Enterprise homeowners dealing with legal responsibility past the office

[Law Talk] Unexposed risks of the criminal law for serious accidents: Entrepreneurs with liability beyond the workplace

Park Chan-keun (left) and David Park

Amid recurring work-related accidents such as the 2018 Taean power plant tragedy, the Icheon 2020 fire incident and the death of a worker in the port of Pyeongtaek in April, societal interest in the need for health and safety in outsourcing agreements has grown steadily.

Given the increasing outsourcing of work across all industries, the vague division of roles and responsibilities between companies and contractors, and the lack of authority for contractors / subcontractors to actually perform the contracted work to control the risks inherent in its use or manage equipment, facilities and facilities that have given rise to concern about the likelihood of occupational accidents.

To address these issues, the Occupational Safety and Health Act (OSHA), Korea’s basic labor protection law, was completely amended in 2019 to include the following: Contractor / subcontractor’s workers’ health not only in all employer’s premises, but also in hazardous workplaces designated by the employer / are provided and are under its control / management.

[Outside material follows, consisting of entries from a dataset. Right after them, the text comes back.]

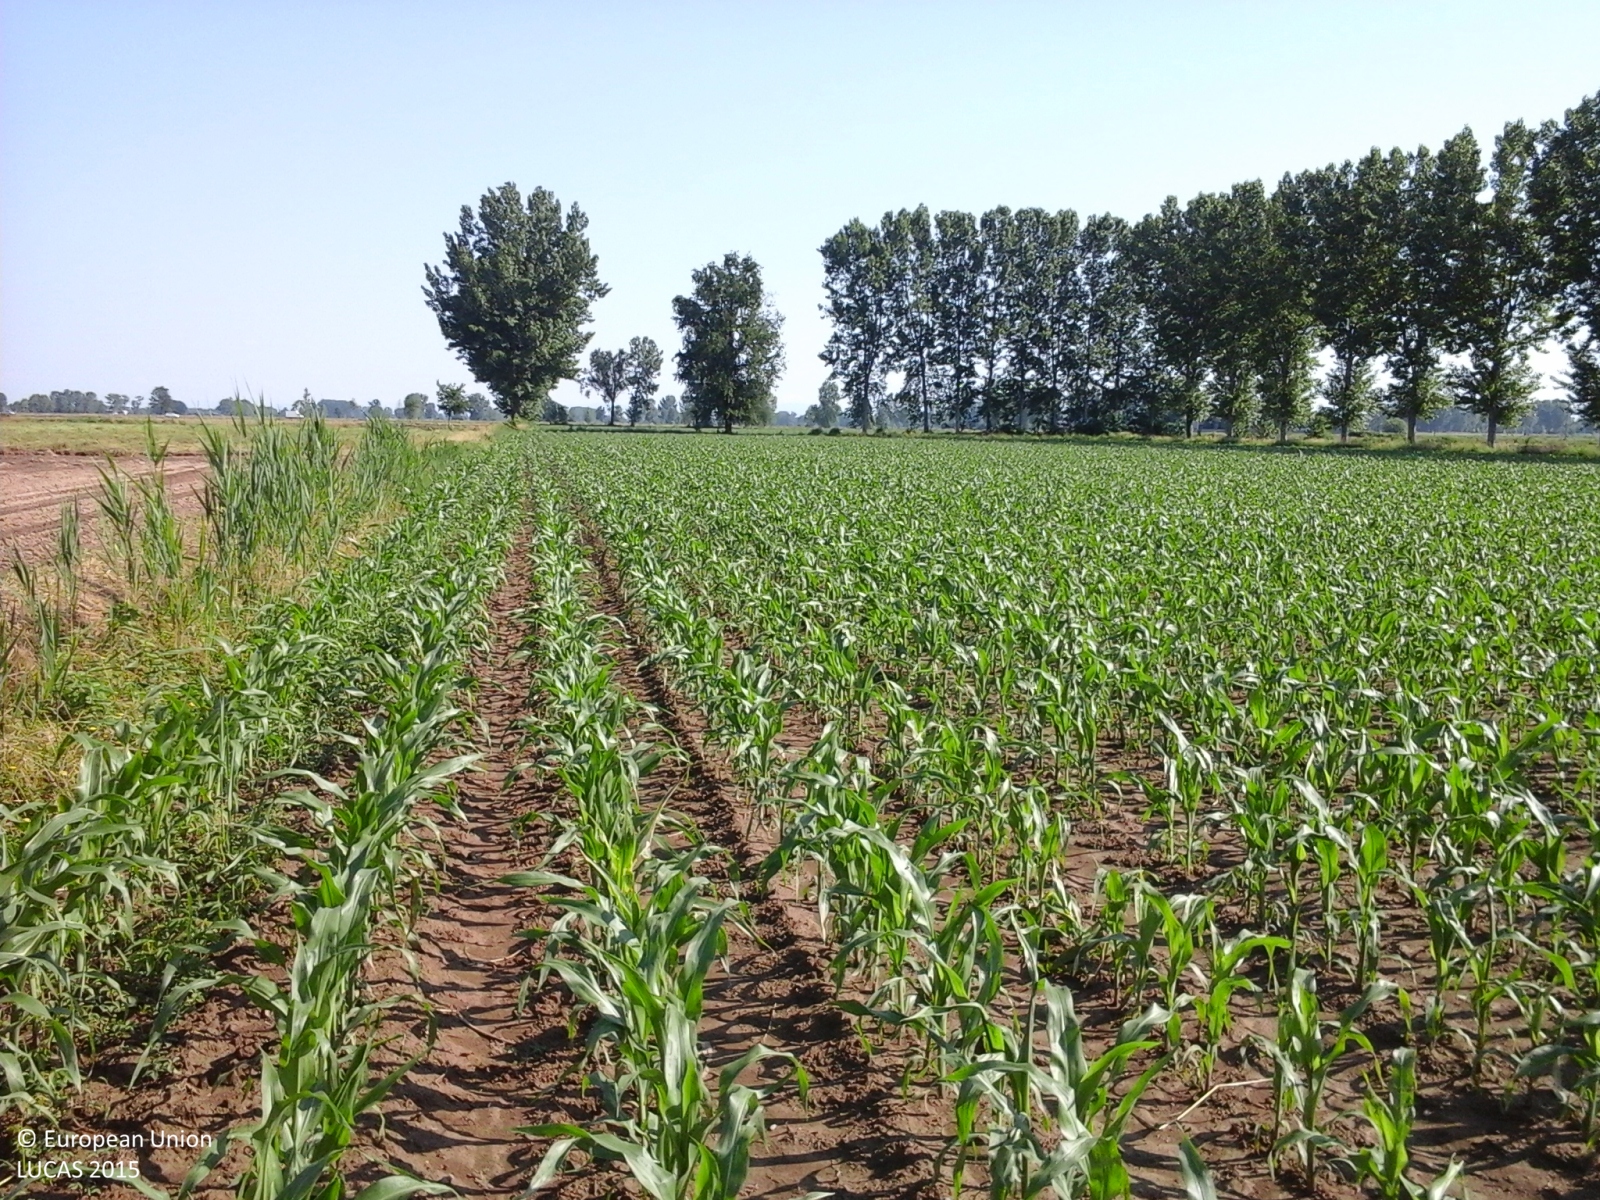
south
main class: Cropland
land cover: Maize
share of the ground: 25 - 50 %
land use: Agriculture (excluding fallow land and kitchen gardens)
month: May
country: IT
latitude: 45.3415
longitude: 9.6306

In addition (ii) impose the obligation on entrepreneurs to select contractors / subcontractors who are able to take preventive measures against accidents at work. In addition, the newly enacted Serious Accident Penalty Act (the Act), which is due to come into force on January 27, 2022, has brought about further changes in occupational health and safety management to prevent serious accidents in outsourcing agreements. The most important points of the law are summarized below.

First, the law requires business owners or responsible officers to put in place comprehensive measures to ensure the health and safety of “workers” in the company or workplace that is “effectively controlled, operated and administered” by such business owner, company or organization. In this context, the Department of Employment and Labor recently issued guidance relating to the “ability of the business owner to identify and manage, improve and control factors of hazard and risk”.

An “employee” that the law is intended to protect, meanwhile, includes employees of the business owner and extends to all persons who, regardless of the type of contract, provide work to perform tasks for the business owner, i.e. subcontracting, outsourcing and consignment (including multi-level subcontracts).

With recent legislative changes, companies are forced to look out for health and safety measures that were previously only owed to their own employees, but now include outsourcing agreements by third parties.

Second, the draft Enforcement Ordinance of the Act, published in July, requires the contractor to develop criteria and procedures for assessing (i) the contractor’s skills and abilities in accident prevention and (ii) reasonable spending and timeframes for health and Security management. The entrepreneur is also obliged to monitor their implementation.

While some of these obligations are already included in OSHA Article 61, there are currently no government sanctions to ensure the selection of a qualified contractor under OSHA. Companies are advised to exercise caution, as a responsible manager can be prosecuted if a causal connection with the occurrence of a serious industrial accident is established with regard to the obligations set out in the draft enforcement order.

The introduction of the law has sparked criticism of the rapid changes in occupational health and safety management in outsourcing agreements. In particular, the use of indefinite legal terms such as “actual control, operation and management” or “reasonable effort and time period” can raise the question of whether such terms violate the principle of clarity required by the Criminal Code. In addition, the fulfillment of a business owner’s obligation to ensure the health and safety of the contractor / subcontractor’s workers may result in such an outsourcing arrangement being misunderstood as illegal shipment.

Despite these concerns, given the growing social interest in health and safety management, the change in direction towards greater responsibility on the part of the entrepreneur is likely to remain unchanged. It is therefore becoming increasingly important for companies to focus on developing measures that, in close cooperation with experts, ensure correct health and safety measures in accordance with the new legislation.

By Park Chan-keun and David Park

Park Chan-keun is a partner at Yoon & Yang with experience in work and employment. David Park is an Australian (New South Wales) / New Zealand lawyer with Yoon & Yang with expertise in corporate law, dispute resolution, and labor law. – Ed.